We got the ah and wh functions working. All that's left is to integrate the 4 line white on blue lcd.


All code and schematics, photo's etc., are listed at http://tech.groups.yahoo.com/group/arduinohome/files/volt%20amp%20watt%20hour%20meter/

Recommended Parts:

Arduino UNO R3

Arduino Ethernet SD

Resistors for voltage divider

ACS712 or ACS715 Sensor



The Instructable is online at http://www.instructables.com/id/DIY-Amp-Hour-Meter-Arduino/

Monday, April 30, 2012

Voltage Monitor

Now that we have the current monitor working, the next step is to build the voltage monitor circuit. I built a voltage divider that will break down the highest voltage my battery can possibly see, into a 0-5v input for the Arduino. Here is a great tutorial explaining the math behind determining the resister values, http://forums.trossenrobotics.com/tutorials/how-to-diy-128/cheap-battery-monitor-using-resistive-voltage-divider-3264/, and a schematic of our version:



Here is a screen shot of the monitor showing both current and voltage being monitored.

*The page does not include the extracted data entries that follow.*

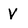
Character: V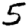
Digit: 5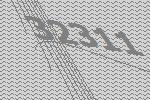
32311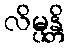
လိမ္ပန္တိ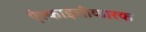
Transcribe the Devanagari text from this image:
ऐल्काइलीकारक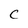
Character: C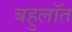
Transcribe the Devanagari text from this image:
बहुलॉत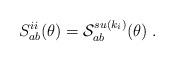
LaTeX: \begin{align*}S_{ab}^{ii}(\theta )=\mathcal{S}_{ab}^{su(k_{i})}(\theta )\;. \end{align*}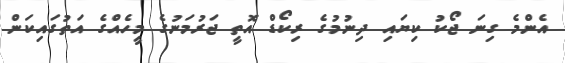
އެންމެ ގިނަ ޖޯކު ކިޔައި ދިނުމުގެ ރިކޯޑް އޮތީ ޖަރުމަނުގެ މީހެއްގެ އަތުގައިކަން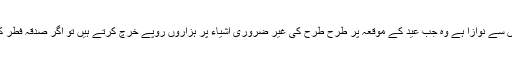
صدقہ کی ہر زائد مقدار بہرحال افضل ہے وہ اہل ایمان جن کو اللہ نے مالی وسعتوں سے نوازا ہے وہ جب عید کے موقعہ پر طرح طرح کی غیر ضروری اشیاء پر ہزاروں روپے خرچ کرتے ہیں تو اگر صدقہ فطر کے لئے بھی برتر مقدار کا انتخاب کریں تو اس کے افضل ہونے میں کیا شک ہے۔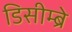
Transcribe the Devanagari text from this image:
डिसीम्ब्रे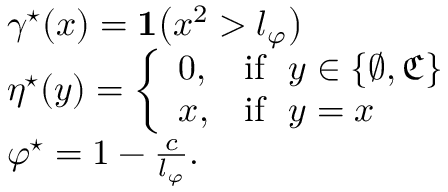
\begin{array} { r l } & { \gamma ^ { \star } ( x ) = \mathbf { 1 } \big ( x ^ { 2 } > l _ { \varphi } \big ) } \\ & { \eta ^ { \star } ( y ) = \left\{ \begin{array} { l l } { 0 , } & { \mathrm { i f } \ \ y \in \{ \varnothing , \mathfrak { C } \} } \\ { x , } & { \mathrm { i f } \ \ y = x } \end{array} \right. } \\ & { \varphi ^ { \star } = 1 - \frac { c } { l _ { \varphi } } . } \end{array}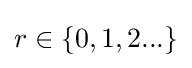
r\in \{0,1,2...\}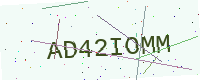
Text: AD42IOMM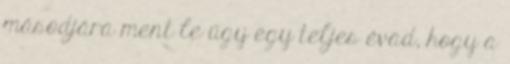
másodjára ment le úgy egy teljes évad, hogy a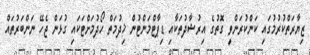
ޒިޔާރަތްކުރުމުގައި ކަންކުރަންވީ ގޮތުގެ އިރުޝާދުތަކާއި ޑިޕާޓްމަންޓުން ޚިދުމަތް ހޯދުމަށްޓަކައި ގުޅަން ޖެހޭ ނަންބަރުތައް

Now the trick is to multiply the current with the voltage to get watts.


The next step is to sample over time to display the amp hour and watt hour values. Still working on that. I've posted a spreadsheet for calculating the resistor values (and amp hour formulas) at http://tech.groups.yahoo.com/group/arduinohome/files/volt%20amp%20watt%20hour%20meter/

There's a good discussion of this project at http://forum.pololu.com/viewtopic.php?f=3&t=5415


Monitoring Power Consumption with the ACS715

We needed a power meter for monitoring power consumption of our ham radio's when in emergency communications mode (no grid). Although you can get these commercially, from the fully featured off grid power system capable Bogart Trimetric, to the single item Watt's UP, we wanted a diy homebrew unit that is educational, and customizable. Based on a ACS715 Hall Effect Current Sensor, connected to an Arduino, we are now monitoring the current consumption of our radio gear. The following screen shot shows both TX and RX power modes.
I'm posting the code below for the current monitor, and now I'm off to add voltage monitoring, and to calculate watts, watt hours, and amp hours.

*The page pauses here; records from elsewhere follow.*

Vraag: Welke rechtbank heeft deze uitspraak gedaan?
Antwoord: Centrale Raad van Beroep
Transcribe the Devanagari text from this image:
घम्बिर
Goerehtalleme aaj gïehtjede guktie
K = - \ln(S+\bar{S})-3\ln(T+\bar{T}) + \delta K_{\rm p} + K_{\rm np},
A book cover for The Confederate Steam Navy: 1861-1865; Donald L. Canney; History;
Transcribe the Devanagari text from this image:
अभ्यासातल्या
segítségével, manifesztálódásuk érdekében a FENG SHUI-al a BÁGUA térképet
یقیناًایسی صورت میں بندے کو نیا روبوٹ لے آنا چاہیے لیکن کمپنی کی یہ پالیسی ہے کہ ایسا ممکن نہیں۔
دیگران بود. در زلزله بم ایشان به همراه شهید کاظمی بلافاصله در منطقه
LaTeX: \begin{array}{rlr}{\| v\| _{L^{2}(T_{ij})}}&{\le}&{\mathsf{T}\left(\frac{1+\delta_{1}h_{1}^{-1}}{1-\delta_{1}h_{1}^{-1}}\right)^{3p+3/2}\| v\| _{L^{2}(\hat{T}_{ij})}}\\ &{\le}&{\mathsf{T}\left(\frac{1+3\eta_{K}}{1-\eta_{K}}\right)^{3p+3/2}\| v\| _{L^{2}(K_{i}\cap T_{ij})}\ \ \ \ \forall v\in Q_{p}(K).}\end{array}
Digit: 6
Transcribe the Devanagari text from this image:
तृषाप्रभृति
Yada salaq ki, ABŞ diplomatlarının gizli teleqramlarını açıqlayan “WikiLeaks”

 /* This sketch describes how to connect a ACS715 Current Sense Carrier (http://www.pololu.com/catalog/product/1186) to the Arduino, and read current flowing through the sensor.

Vcc on carrier board to Arduino +5v
GND on carrier board to Arduino GND
OUT on carrier board to Arduino A0

 Insert the power lugs into the loads positive lead circuit, arrow on carrier board points to load, other lug connects to power supply positive */

int analogInPin = A0; // Analog input pin that the carrier board OUT is connected to
int sensorValue = 0; // value read from the carrier board
int outputValue = 0; // output in milliamps

void setup() { // initialize serial communications at 9600 bps:
Serial.begin(9600); }

void loop() {
// read the analog in value:
sensorValue = analogRead(analogInPin);

// convert to milli amps
outputValue = (((long)sensorValue * 5000 / 1024) - 500 ) * 1000 / 133;

 /* sensor outputs about 100 at rest. Analog read produces a value of 0-1023, equating to 0v to 5v. "((long)sensorValue * 5000 / 1024)" is the voltage on the sensor's output in millivolts. There's a 500mv offset to subtract. The unit produces 133mv per amp of current.*/

 // print the results to the serial monitor:
 Serial.print("sensor = " );
Serial.print(sensorValue);
Serial.print("\t Current (ma) = ");
Serial.println(outputValue);

 // wait 10 milliseconds before the next loop
 // for the analog-to-digital converter to settle // after the last reading:
 delay(10); }